First, consider the memory taken by integers. You said that the range will be around 0-4000000. 24 bits is enough to represent 16777216 different values. If this is acceptable, you can use byte arrays for integers, with 3 bytes per integer and save 25%. You will need to index into an array something like this:
int getPackedInt(byte[] array, int index) { int i = index*3; return ((array[i] & 0xFF)<<16) + ((array[i+1] & 0xFF) <<8) + (array[i+2] & 0xFF); } int storePackedInt(byte[] array, int index, int value) { assert value >= 0 && value <= 0xFFFFFF; int i = index*3; array[i] = (byte)((value>>16) & 0xFF); array[i+1] = (byte)((value>>8) & 0xFF); array[i+2] = (byte)(value & 0xFF); }
Can you say something about the distribution of integers? If many of them will fit in 16 bits, you can use encoding with a variable number of bytes per number (something like UTF-8 to represent characters).

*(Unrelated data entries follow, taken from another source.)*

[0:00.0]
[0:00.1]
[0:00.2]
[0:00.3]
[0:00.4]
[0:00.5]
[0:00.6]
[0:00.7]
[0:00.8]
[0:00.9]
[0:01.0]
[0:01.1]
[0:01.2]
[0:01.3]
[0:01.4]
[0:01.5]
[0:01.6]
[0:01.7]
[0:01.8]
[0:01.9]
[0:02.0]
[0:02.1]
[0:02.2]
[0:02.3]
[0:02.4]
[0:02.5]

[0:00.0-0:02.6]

Next, consider whether it is possible to save memory in Strings. What are the characteristics of the strings? How long will they usually be? Will many lines split prefixes? A compression scheme adapted to the characteristics of your application can save a lot of space (as falsarella pointed out). OR, if many strings will use prefixes, storing them in some type of search may be more efficient. (There is a trie type called "patricia" that might be suitable for this application.) As a bonus, note that searching for strings in trie may be faster than searching for a hash map (although you will need to check to see if this is true in your application).

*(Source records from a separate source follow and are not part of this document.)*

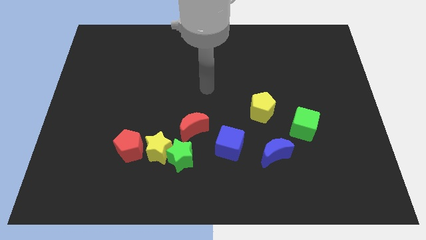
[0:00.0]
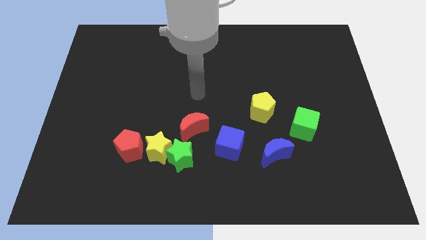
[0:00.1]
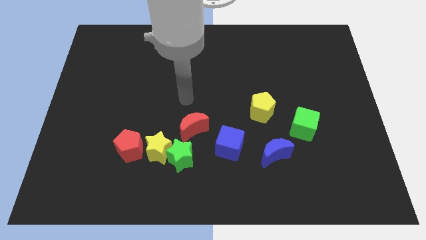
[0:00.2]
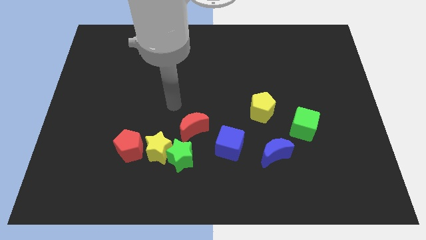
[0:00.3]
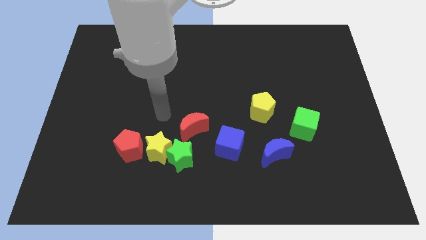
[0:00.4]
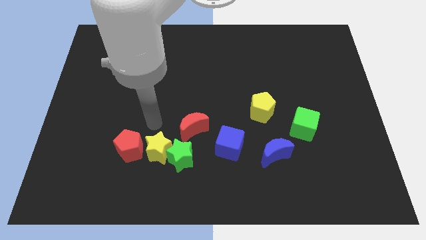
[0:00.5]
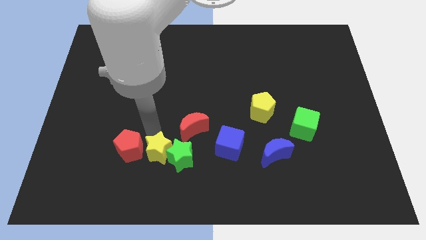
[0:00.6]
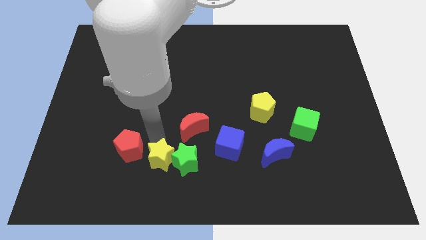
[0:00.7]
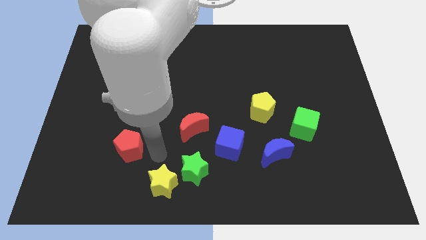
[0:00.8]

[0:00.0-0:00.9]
move the red pentagon away from the yellow star

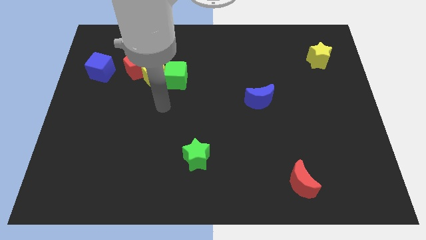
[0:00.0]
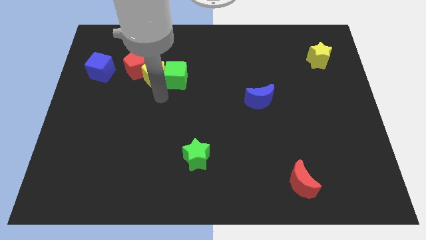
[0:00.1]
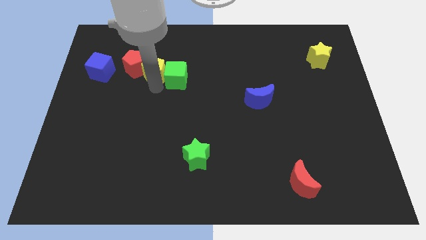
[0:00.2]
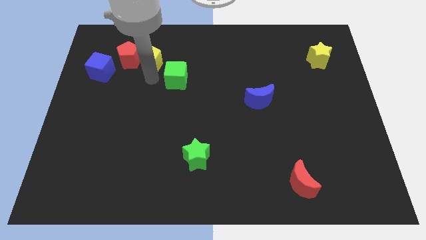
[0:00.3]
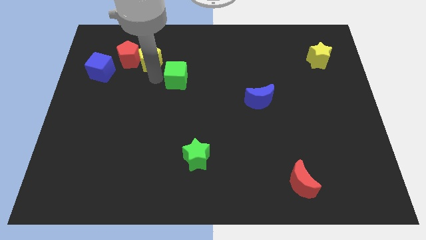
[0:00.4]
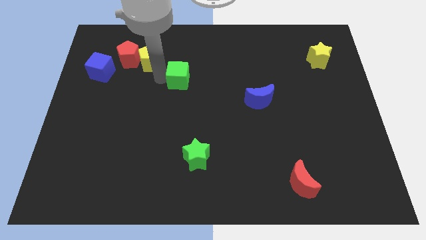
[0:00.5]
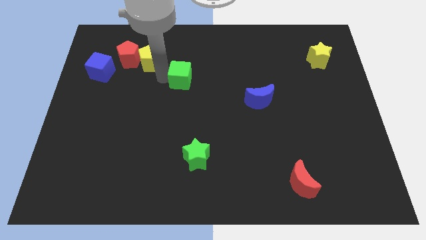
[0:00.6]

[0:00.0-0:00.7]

Will all the lines be ASCII? If so, 50% of the memory used for strings will be wasted, since Java char
is 16 bits. Again, in this case, you might consider using byte arrays.
If you only need to look at the lines and not iterate over the stored lines, you can also consider something quite unconventional: hash the lines and save only the hash. Since different lines can hash to the same value, it is likely that a line that has never been saved can still be found by searching. But if you use enough bits for a hash value (and a good hash function), you can make this probability so infinitely small that it will almost certainly never happen in the life expectancy of the universe.
Finally, there is memory for the structure itself, which contains strings and integers. I already suggested using trie, but if you decide not to do this, nothing will use less memory than parallel arrays - one sorted array of strings (to which you, as you said, can perform a binary search) and a parallel array of integer arrays. After you do a binary search to find the index in the String array, you can use the same index to access the array-of-integer array.
While you are building the structure, if you decide that trie search is a good choice, I would just use it directly. Otherwise, you could do 2 passes: one to create a set of strings (then put them in an array and sort them), and the second to add arrays of integers.